> [ABOUT THIS TASK]: Print the whole listing below exactly, skipping every picture.

> [MATERIAL SHOWN]:
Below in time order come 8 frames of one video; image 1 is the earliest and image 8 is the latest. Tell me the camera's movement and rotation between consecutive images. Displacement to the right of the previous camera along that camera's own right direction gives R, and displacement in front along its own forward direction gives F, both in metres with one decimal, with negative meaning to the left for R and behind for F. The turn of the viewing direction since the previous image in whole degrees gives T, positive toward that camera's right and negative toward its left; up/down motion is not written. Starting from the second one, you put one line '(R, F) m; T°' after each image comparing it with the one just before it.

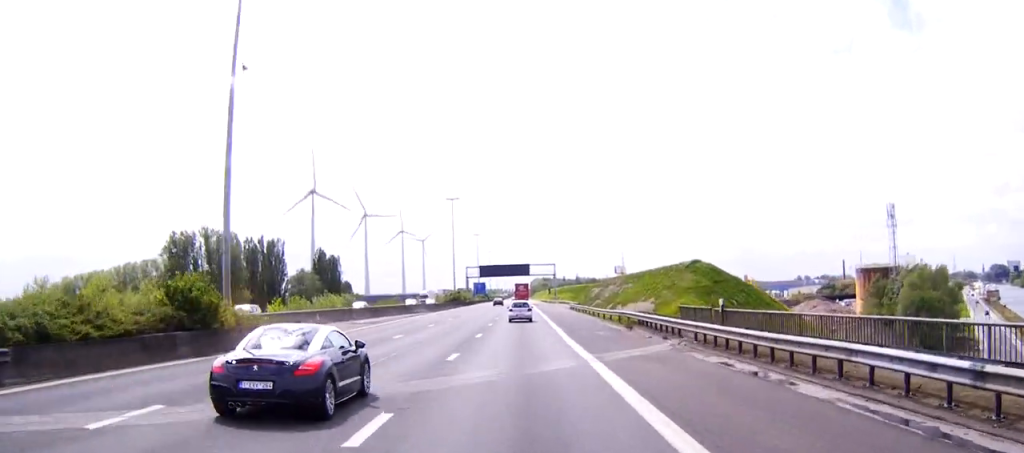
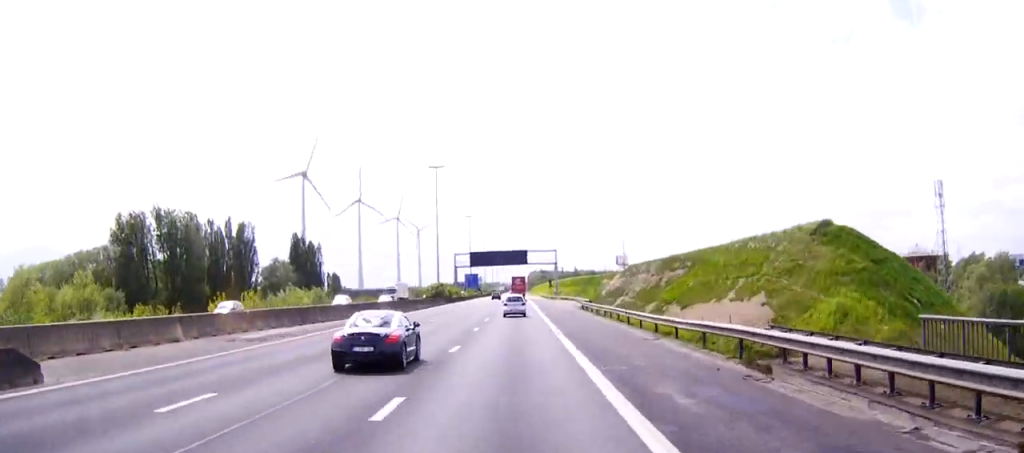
(0.0, +22.3) m; 0°
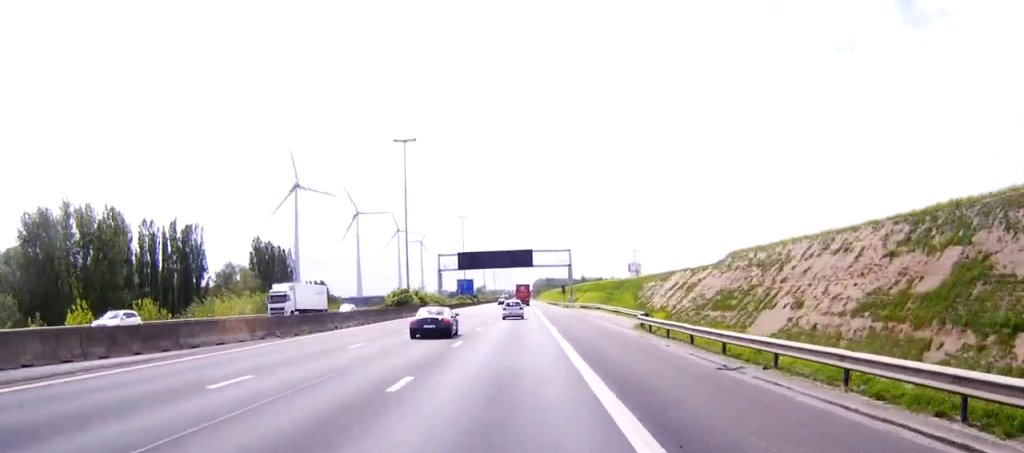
(-0.1, +34.9) m; -1°
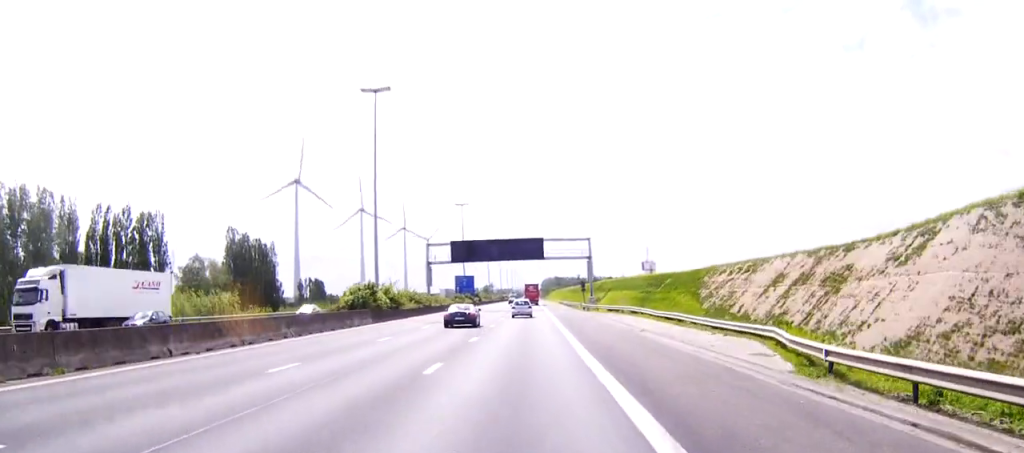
(-0.1, +22.2) m; 0°
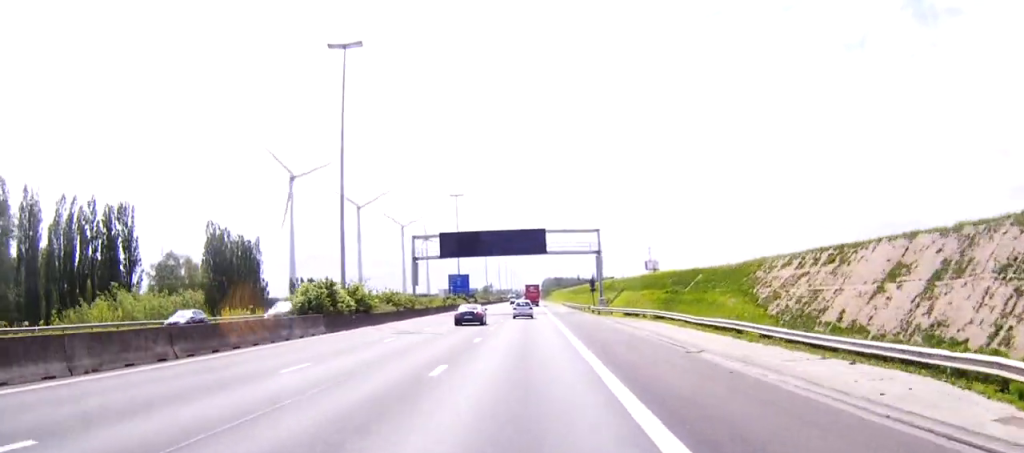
(0.0, +11.9) m; 0°
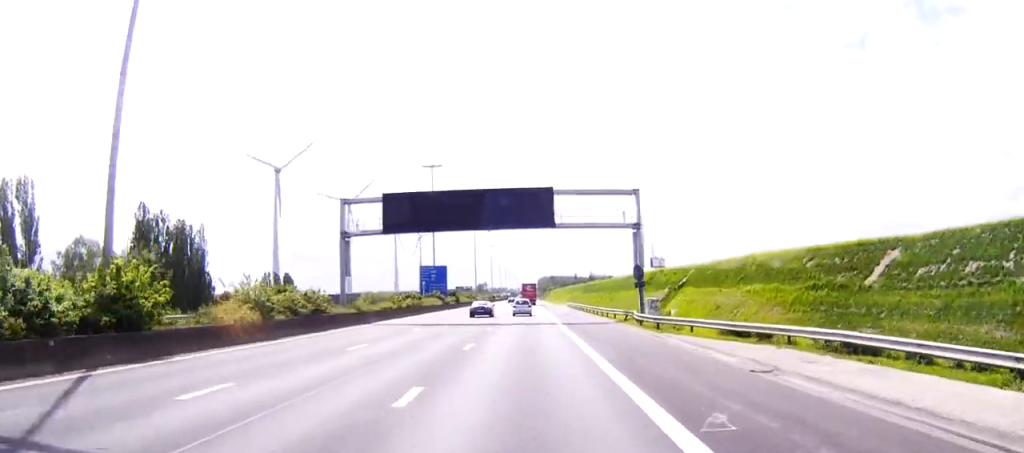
(+0.1, +31.0) m; 0°
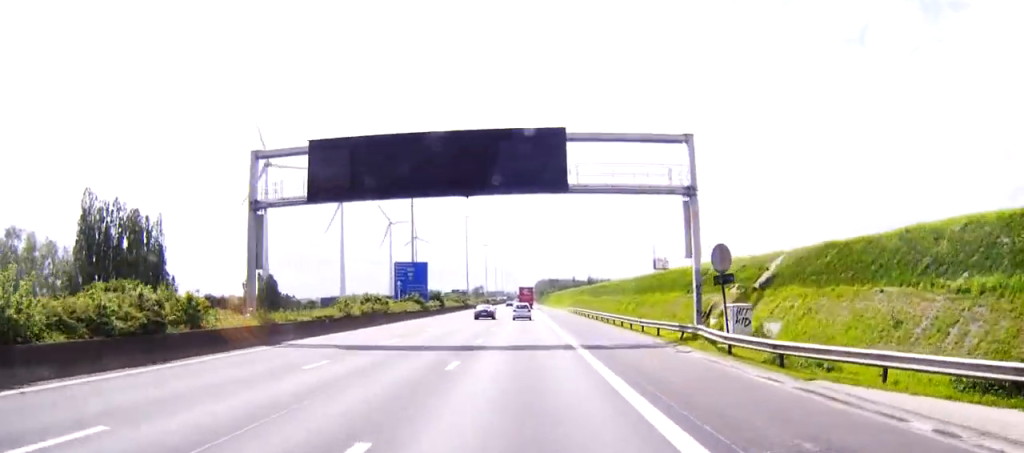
(0.0, +17.5) m; 0°
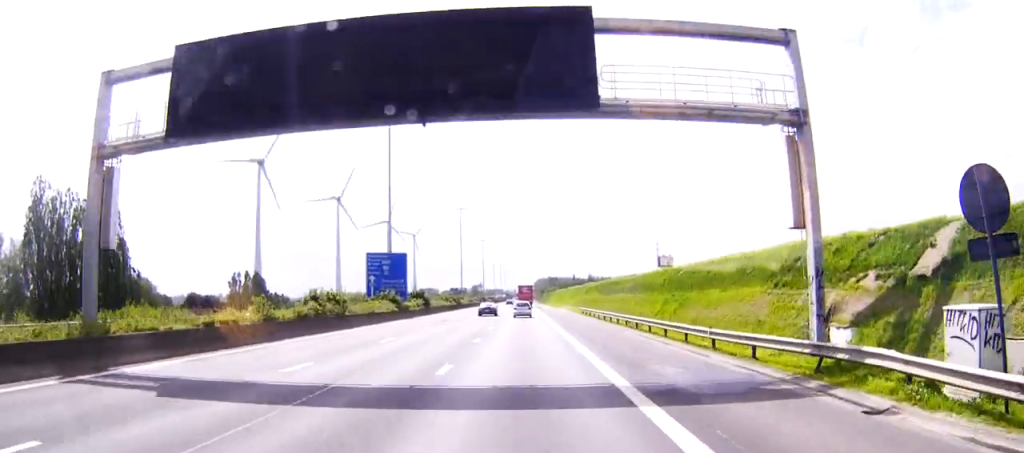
(0.0, +14.3) m; 0°

> [FINAL ANSWER]:
Below in time order come 8 frames of one video; image 1 is the earliest and image 8 is the latest. Tell me the camera's movement and rotation between consecutive images. Displacement to the right of the previous camera along that camera's own right direction gives R, and displacement in front along its own forward direction gives F, both in metres with one decimal, with negative meaning to the left for R and behind for F. The turn of the viewing direction since the previous image in whole degrees gives T, positive toward that camera's right and negative toward its left; up/down motion is not written. Starting from the second one, you put one line '(R, F) m; T°' after each image comparing it with the one just before it.

(0.0, +22.3) m; 0°
(-0.1, +34.9) m; -1°
(-0.1, +22.2) m; 0°
(0.0, +11.9) m; 0°
(+0.1, +31.0) m; 0°
(0.0, +17.5) m; 0°
(0.0, +14.3) m; 0°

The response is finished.